Copy the line with "ཕྱག་རྒྱ་འཆིང་བར་བྱེད་པའམ། །གལ་ཏེ་གསང་སྔགས་ཟློས་པའམ། །གང་" and all lines following it through the last line of the entries, exactly as written.

#### Records for the task:
= = = = =

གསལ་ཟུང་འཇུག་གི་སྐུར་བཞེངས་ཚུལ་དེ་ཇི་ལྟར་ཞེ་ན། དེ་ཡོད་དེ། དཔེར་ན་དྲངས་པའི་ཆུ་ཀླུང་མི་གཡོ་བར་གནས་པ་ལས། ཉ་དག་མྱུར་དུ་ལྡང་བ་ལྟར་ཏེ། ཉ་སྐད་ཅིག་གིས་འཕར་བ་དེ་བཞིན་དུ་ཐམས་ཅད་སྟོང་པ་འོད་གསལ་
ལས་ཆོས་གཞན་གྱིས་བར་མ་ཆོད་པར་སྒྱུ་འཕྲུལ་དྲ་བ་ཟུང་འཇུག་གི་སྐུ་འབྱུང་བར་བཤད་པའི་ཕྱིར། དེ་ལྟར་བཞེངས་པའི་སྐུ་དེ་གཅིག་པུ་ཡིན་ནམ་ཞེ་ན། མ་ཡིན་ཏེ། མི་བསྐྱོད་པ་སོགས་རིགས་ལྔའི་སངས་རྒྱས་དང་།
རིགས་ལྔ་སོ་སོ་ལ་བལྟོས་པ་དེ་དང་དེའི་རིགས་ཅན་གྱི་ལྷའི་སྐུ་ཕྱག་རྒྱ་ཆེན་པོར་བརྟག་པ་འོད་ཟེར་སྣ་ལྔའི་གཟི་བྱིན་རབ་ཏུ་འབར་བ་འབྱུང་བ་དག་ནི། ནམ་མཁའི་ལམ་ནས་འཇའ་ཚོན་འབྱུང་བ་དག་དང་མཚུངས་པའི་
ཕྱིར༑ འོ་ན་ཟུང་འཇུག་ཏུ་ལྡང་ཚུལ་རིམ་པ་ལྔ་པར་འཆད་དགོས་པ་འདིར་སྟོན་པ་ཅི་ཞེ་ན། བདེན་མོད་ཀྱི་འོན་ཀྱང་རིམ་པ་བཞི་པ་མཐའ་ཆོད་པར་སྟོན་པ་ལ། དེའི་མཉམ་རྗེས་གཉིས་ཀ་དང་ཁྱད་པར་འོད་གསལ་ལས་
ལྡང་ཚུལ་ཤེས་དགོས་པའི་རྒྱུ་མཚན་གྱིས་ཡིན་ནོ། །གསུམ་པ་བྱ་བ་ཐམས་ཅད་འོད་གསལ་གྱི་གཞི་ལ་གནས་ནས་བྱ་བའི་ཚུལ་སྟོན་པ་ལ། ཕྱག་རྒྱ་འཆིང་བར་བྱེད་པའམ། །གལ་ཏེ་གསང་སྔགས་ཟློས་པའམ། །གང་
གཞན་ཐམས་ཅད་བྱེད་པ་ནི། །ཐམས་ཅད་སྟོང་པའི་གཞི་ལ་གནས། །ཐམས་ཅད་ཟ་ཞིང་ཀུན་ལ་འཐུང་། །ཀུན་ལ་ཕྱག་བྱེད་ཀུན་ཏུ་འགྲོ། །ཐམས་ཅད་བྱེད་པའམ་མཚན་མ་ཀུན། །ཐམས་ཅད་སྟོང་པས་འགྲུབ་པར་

= = = = =

#### Answer section:
ལྡང་ཚུལ་ཤེས་དགོས་པའི་རྒྱུ་མཚན་གྱིས་ཡིན་ནོ། །གསུམ་པ་བྱ་བ་ཐམས་ཅད་འོད་གསལ་གྱི་གཞི་ལ་གནས་ནས་བྱ་བའི་ཚུལ་སྟོན་པ་ལ། ཕྱག་རྒྱ་འཆིང་བར་བྱེད་པའམ། །གལ་ཏེ་གསང་སྔགས་ཟློས་པའམ། །གང་
གཞན་ཐམས་ཅད་བྱེད་པ་ནི། །ཐམས་ཅད་སྟོང་པའི་གཞི་ལ་གནས། །ཐམས་ཅད་ཟ་ཞིང་ཀུན་ལ་འཐུང་། །ཀུན་ལ་ཕྱག་བྱེད་ཀུན་ཏུ་འགྲོ། །ཐམས་ཅད་བྱེད་པའམ་མཚན་མ་ཀུན། །ཐམས་ཅད་སྟོང་པས་འགྲུབ་པར་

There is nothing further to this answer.